→ Exercise material
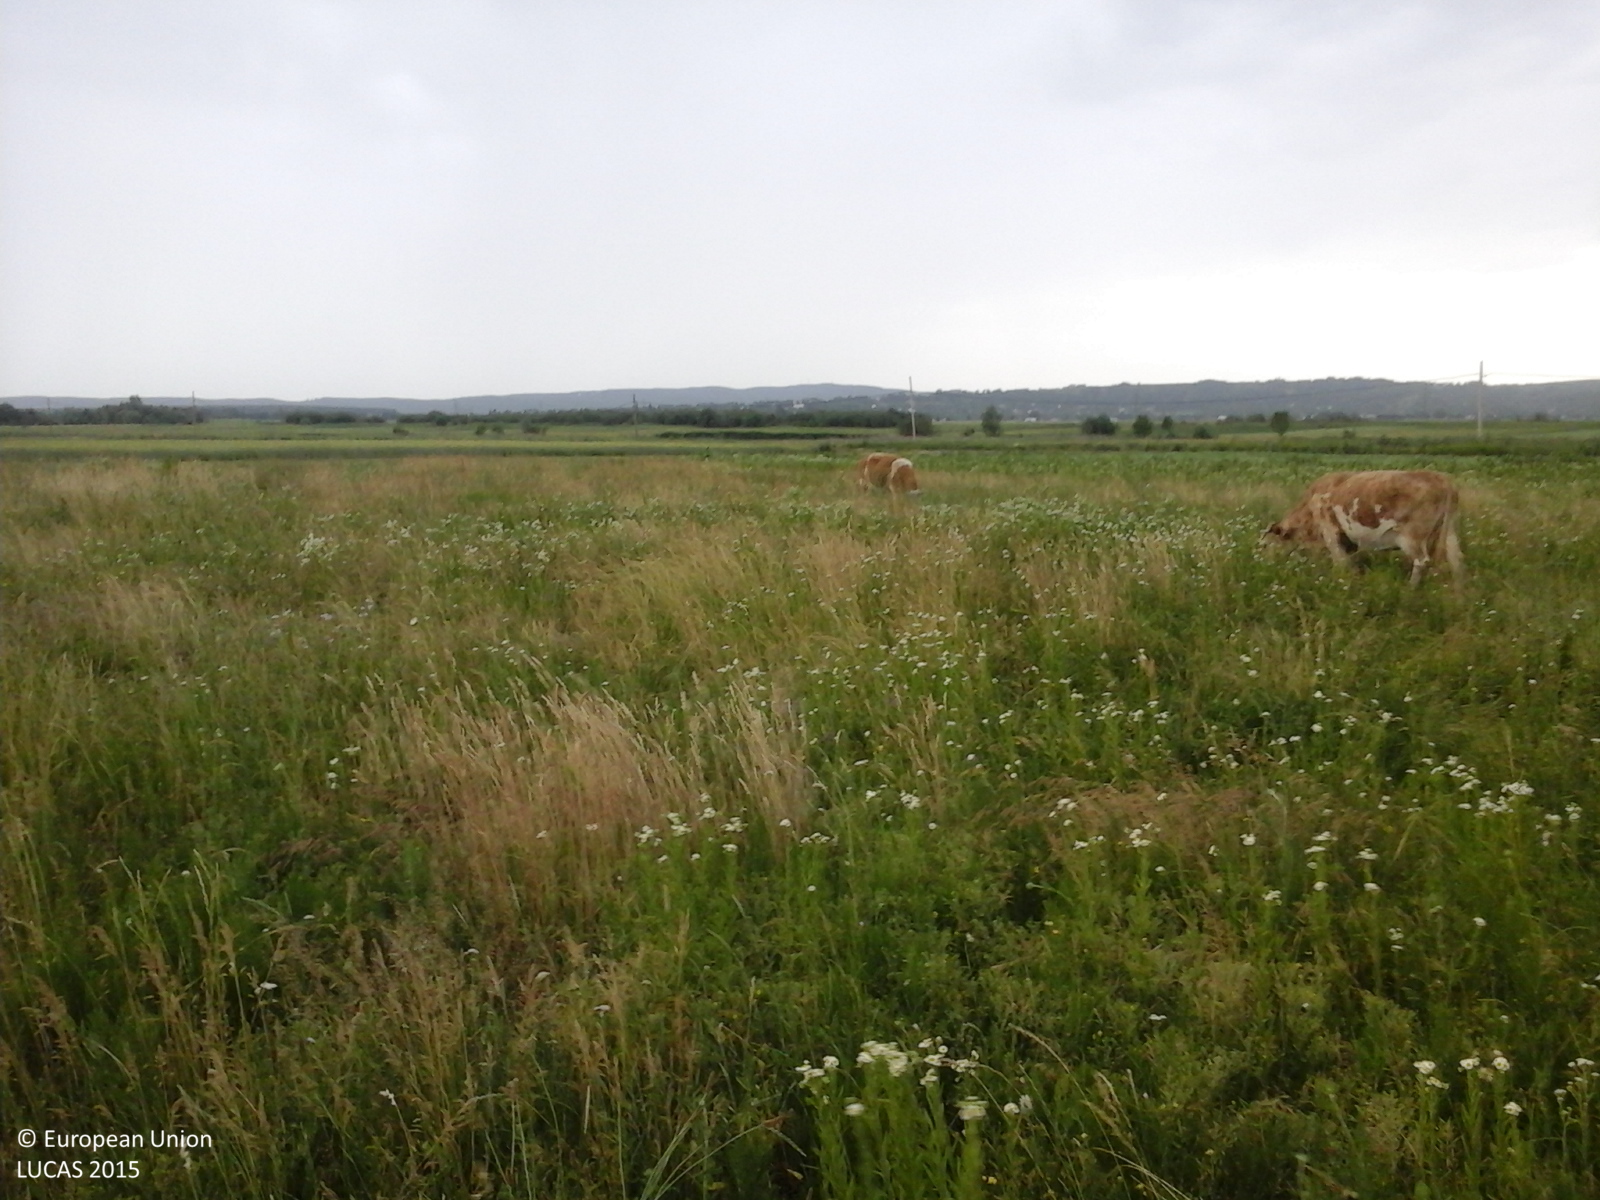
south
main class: Grassland
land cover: Grassland without tree/shrub cover
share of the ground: > 75 %
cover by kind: herbaceous plants 100 %
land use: Agriculture (excluding fallow land and kitchen gardens)
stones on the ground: < 10 %
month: June
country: RO
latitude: 47.2723
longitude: 26.4367

→ Instructions for the task
Reproduce every line above word for word; no images.

→ Task solution
south
main class: Grassland
land cover: Grassland without tree/shrub cover
share of the ground: > 75 %
cover by kind: herbaceous plants 100 %
land use: Agriculture (excluding fallow land and kitchen gardens)
stones on the ground: < 10 %
month: June
country: RO
latitude: 47.2723
longitude: 26.4367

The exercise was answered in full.